What has changed for those hyperscalers is how those dollars are likely to be spent. In the initial years of the AI era, most of the investment was necessarily on training. If you think about AI as a child, with a mind still in development, we have been spending a lot of money to send it to the best schools and universities. Now, that child is an educated adult–and it needs to get a job to support itself. In real world terms, we have invested a lot in training AI, and now we need to see the return on that investment by using AI to generate new revenue.
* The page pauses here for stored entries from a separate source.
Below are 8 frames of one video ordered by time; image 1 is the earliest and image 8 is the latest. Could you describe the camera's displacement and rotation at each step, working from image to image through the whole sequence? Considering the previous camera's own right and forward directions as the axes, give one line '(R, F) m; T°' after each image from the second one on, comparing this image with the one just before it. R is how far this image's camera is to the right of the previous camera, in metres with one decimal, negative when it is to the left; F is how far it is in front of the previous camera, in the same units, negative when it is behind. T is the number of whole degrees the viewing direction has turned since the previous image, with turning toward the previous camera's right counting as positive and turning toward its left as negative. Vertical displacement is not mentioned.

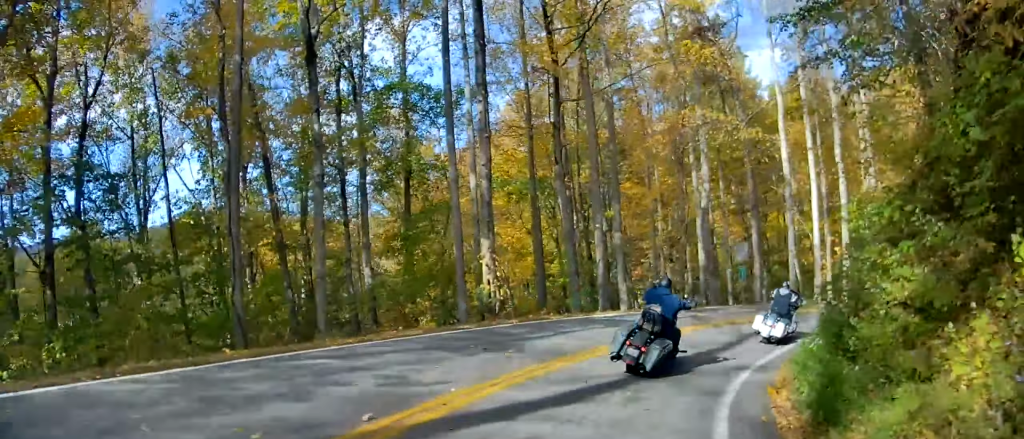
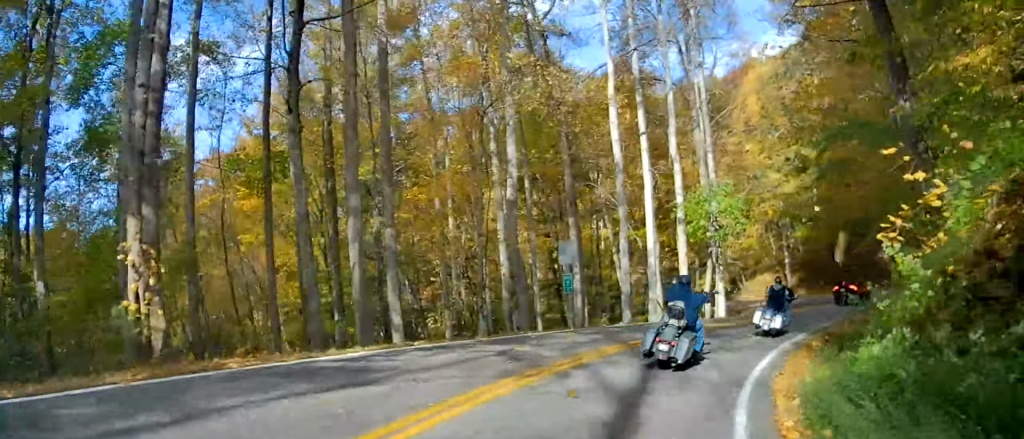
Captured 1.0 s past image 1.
(+0.9, +9.4) m; +8°
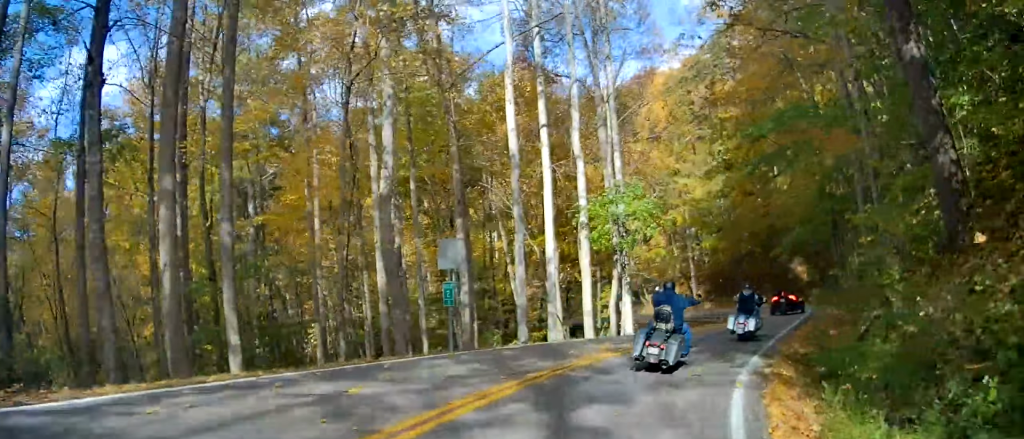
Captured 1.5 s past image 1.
(+0.1, +4.6) m; +3°
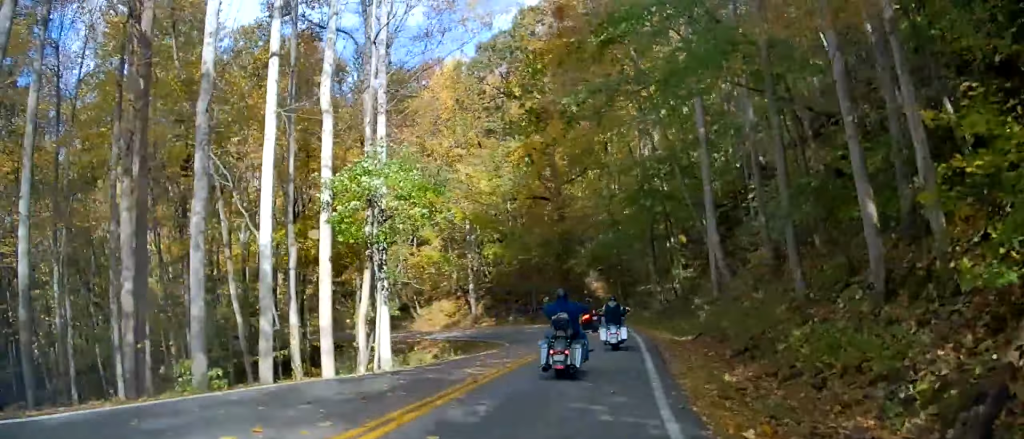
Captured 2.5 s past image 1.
(+0.6, +10.3) m; +11°
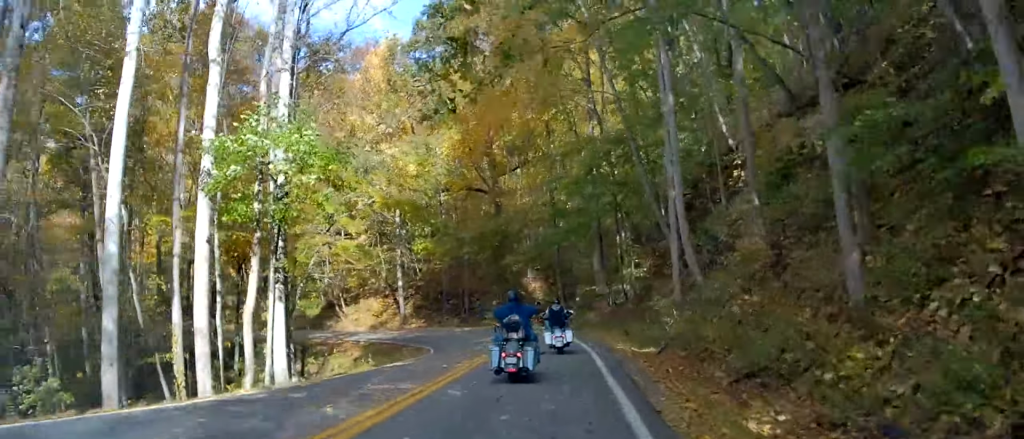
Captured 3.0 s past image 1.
(+0.2, +5.0) m; +6°
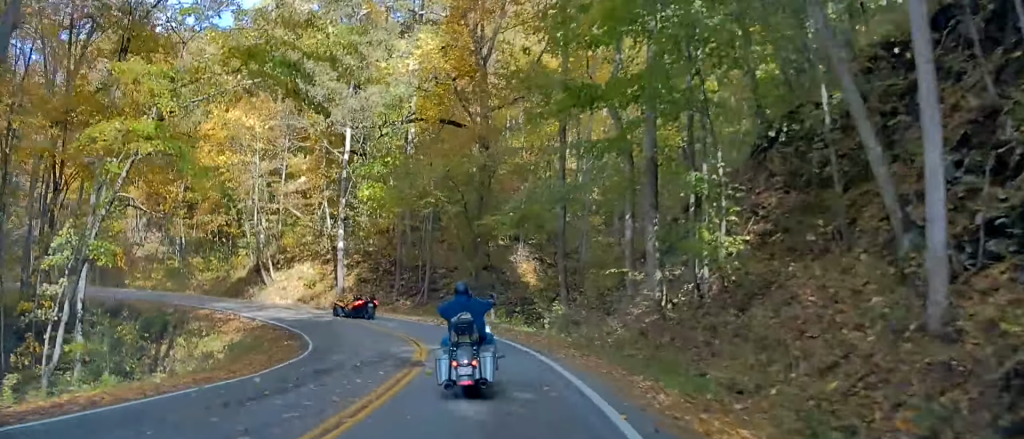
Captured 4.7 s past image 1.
(+2.4, +17.3) m; +10°
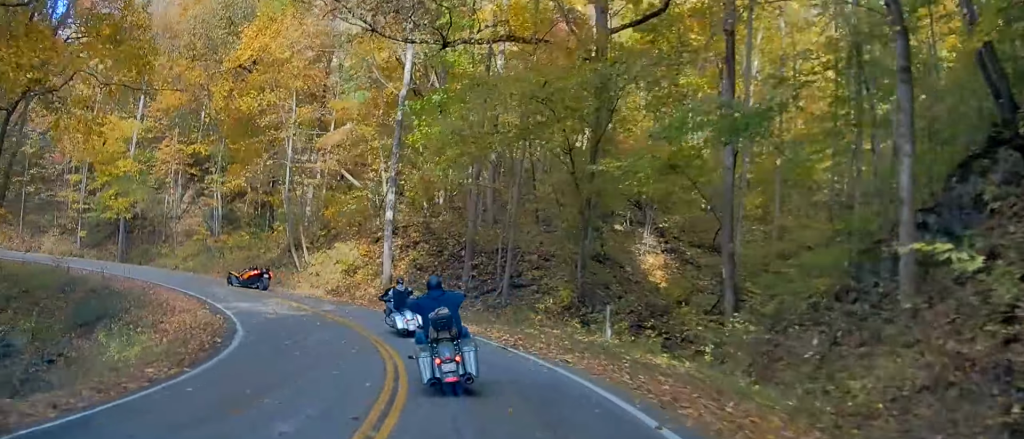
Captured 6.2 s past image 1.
(-0.1, +14.4) m; -6°
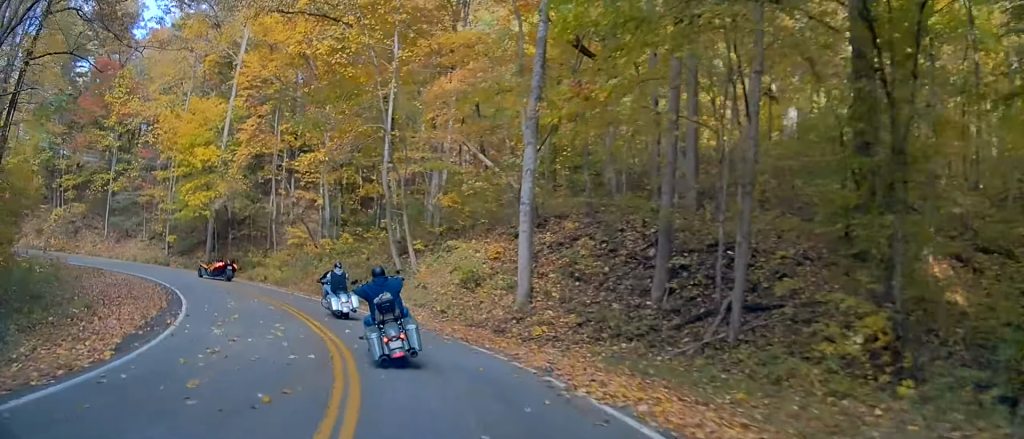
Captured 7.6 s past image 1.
(-1.2, +13.2) m; -13°

To achieve this return on investment, AI needs to become more efficient and less costly to help companies maximize its market appeal and its utility for as many applications as possible. The most lucrative new services will be the autonomous ones that don’t require human monitoring and management.

For many companies, that means leveraging resource-efficient AI computing techniques, such as inference model reasoning, to quickly and cost-effectively enable autonomous machine-to-machine communications. For example, in the wireless industry, AI can be used to autonomously analyze real-time data on spectrum utilization on a mobile network to optimize channel usage and mitigate interference between users, which ultimately allows a mobile operator to support more dynamic spectrum sharing across its network. This type of more efficient, autonomous AI-powered machine-to-machine communication will define AI’s next generation.
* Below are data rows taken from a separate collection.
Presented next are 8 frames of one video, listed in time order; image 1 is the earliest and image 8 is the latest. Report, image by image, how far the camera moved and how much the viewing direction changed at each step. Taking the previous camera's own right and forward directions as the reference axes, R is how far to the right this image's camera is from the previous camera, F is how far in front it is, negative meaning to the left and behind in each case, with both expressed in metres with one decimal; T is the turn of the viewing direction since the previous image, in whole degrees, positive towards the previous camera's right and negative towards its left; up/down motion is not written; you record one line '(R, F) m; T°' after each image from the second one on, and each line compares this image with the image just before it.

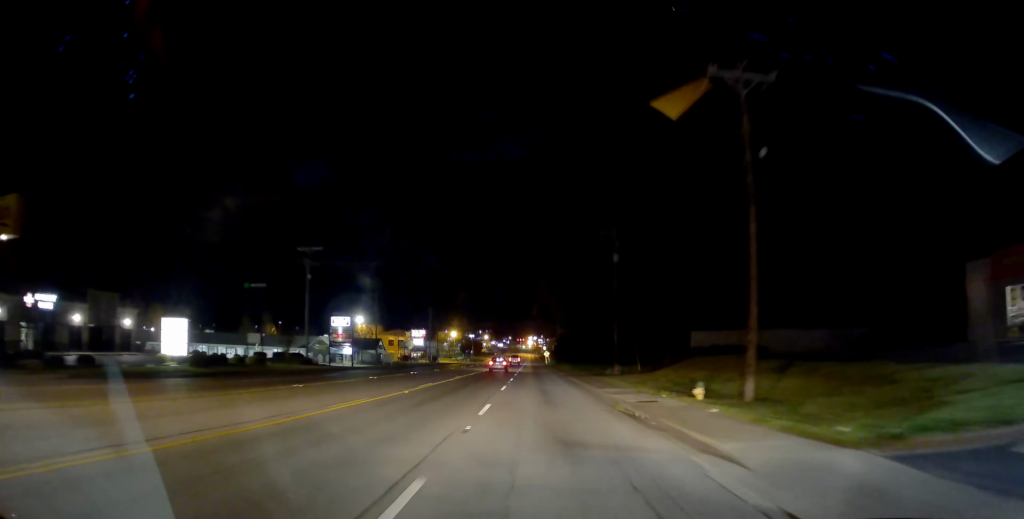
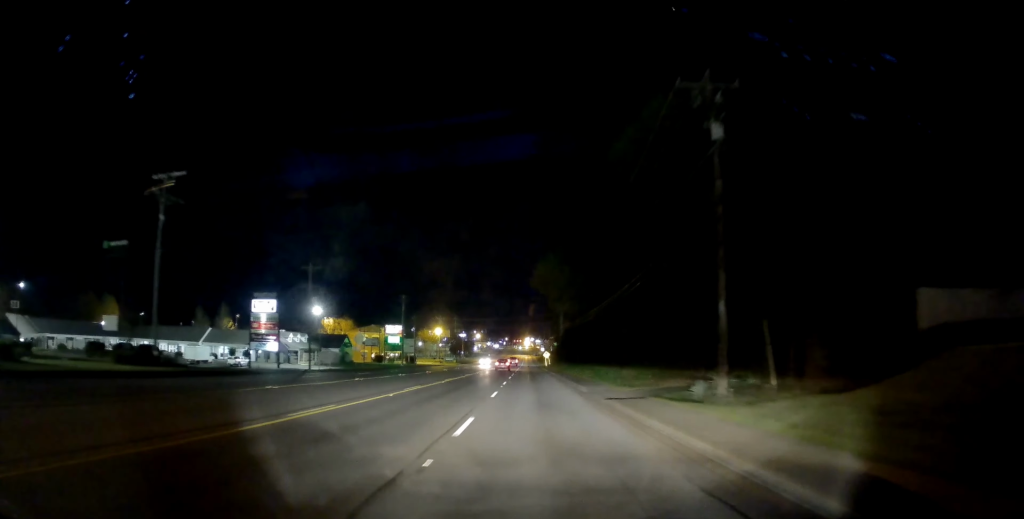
(+0.3, +26.3) m; +1°
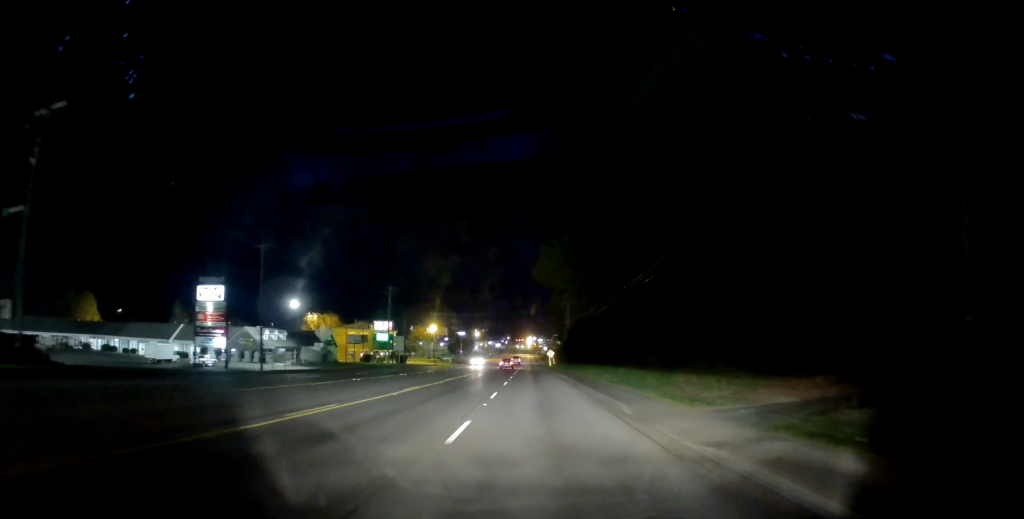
(0.0, +12.1) m; 0°
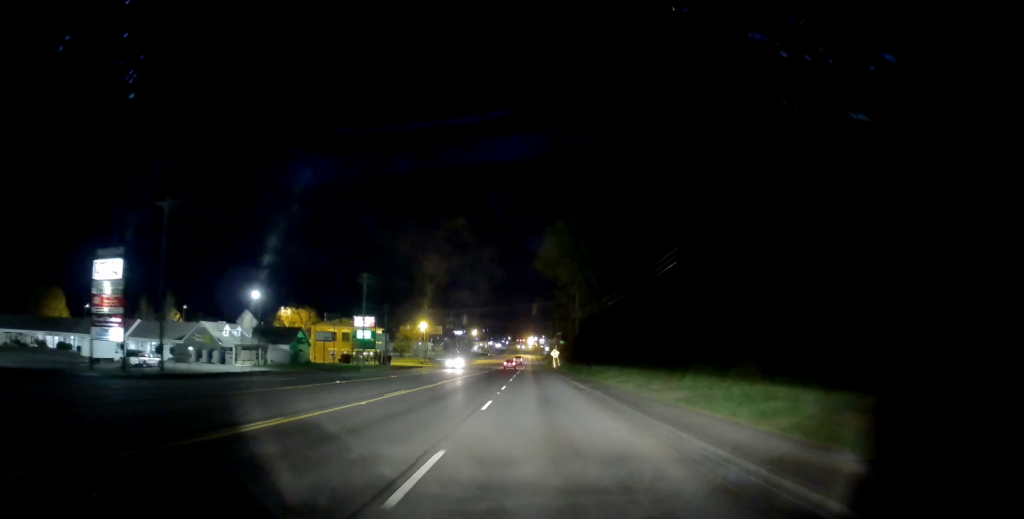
(0.0, +15.2) m; 0°
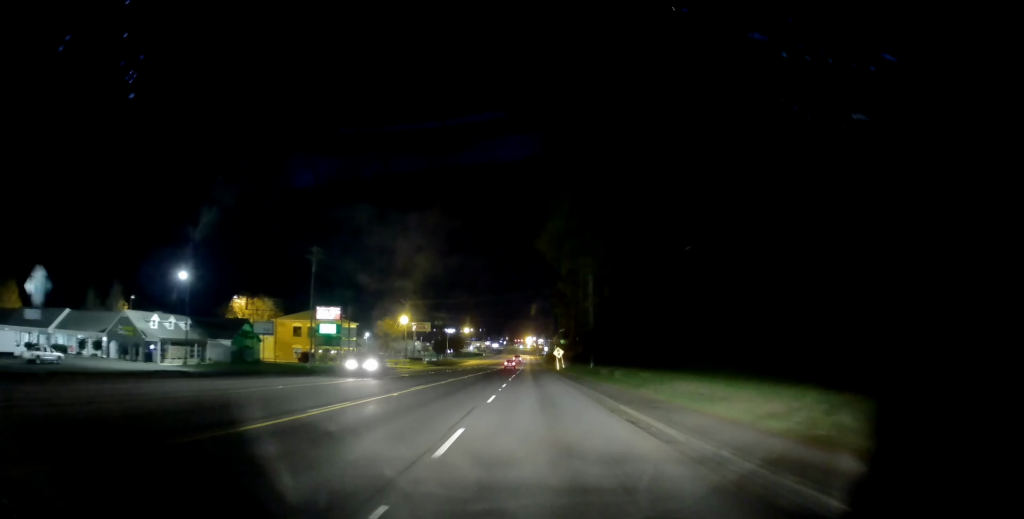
(0.0, +19.3) m; -1°
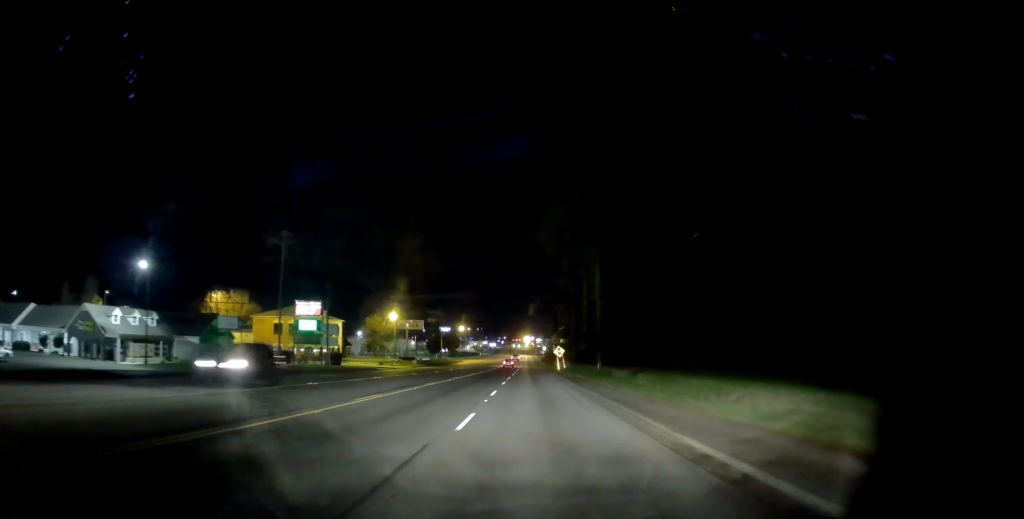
(+0.1, +7.4) m; -1°
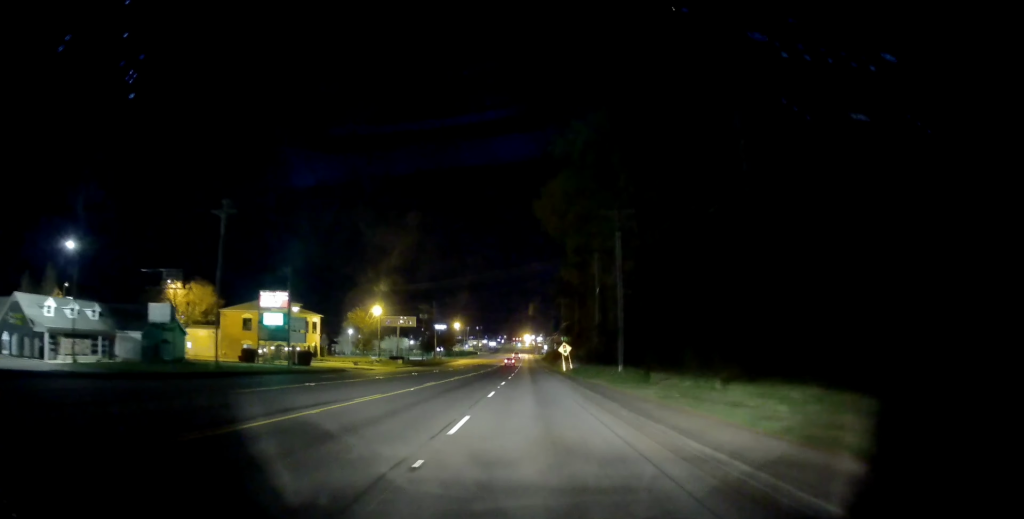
(-0.4, +11.6) m; -1°
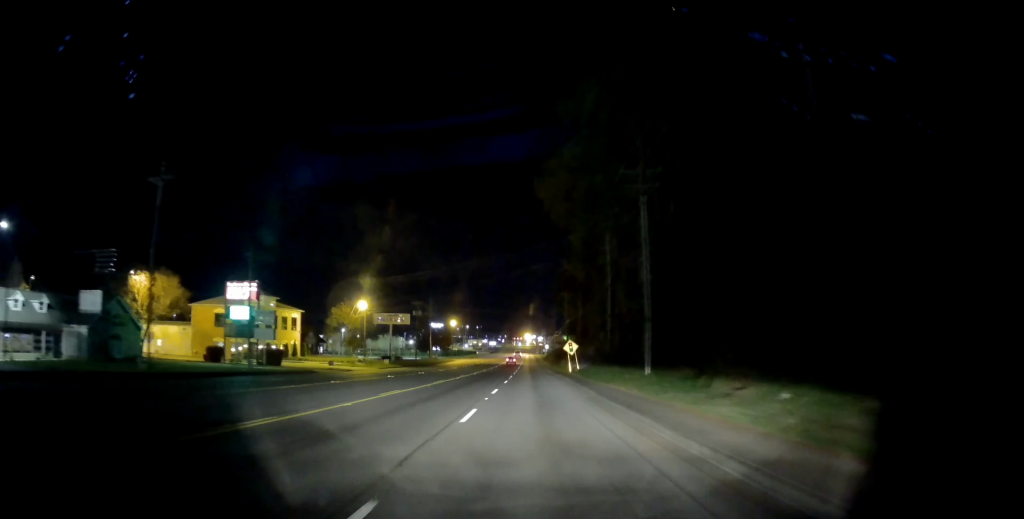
(0.0, +8.7) m; +1°

As has been the case with every other major computing era, AI computing continues to evolve. If the history of computing has taught us anything, it is that new technology always requires a lot of upfront investment, but costs will come down and efficiency will go up as we start to leverage improved techniques and better practices to create more beneficial and affordable products and services to appeal to the largest possible markets. Innovation always finds a way.

The AI sector may have recently appeared to suffer a setback if you listen to the AI bears, but the dollars the hyperscalers plan to spend this year and the increasing use of inference-based techniques tell a different story: AI computing is indeed changing, but AI’s promise is fully intact.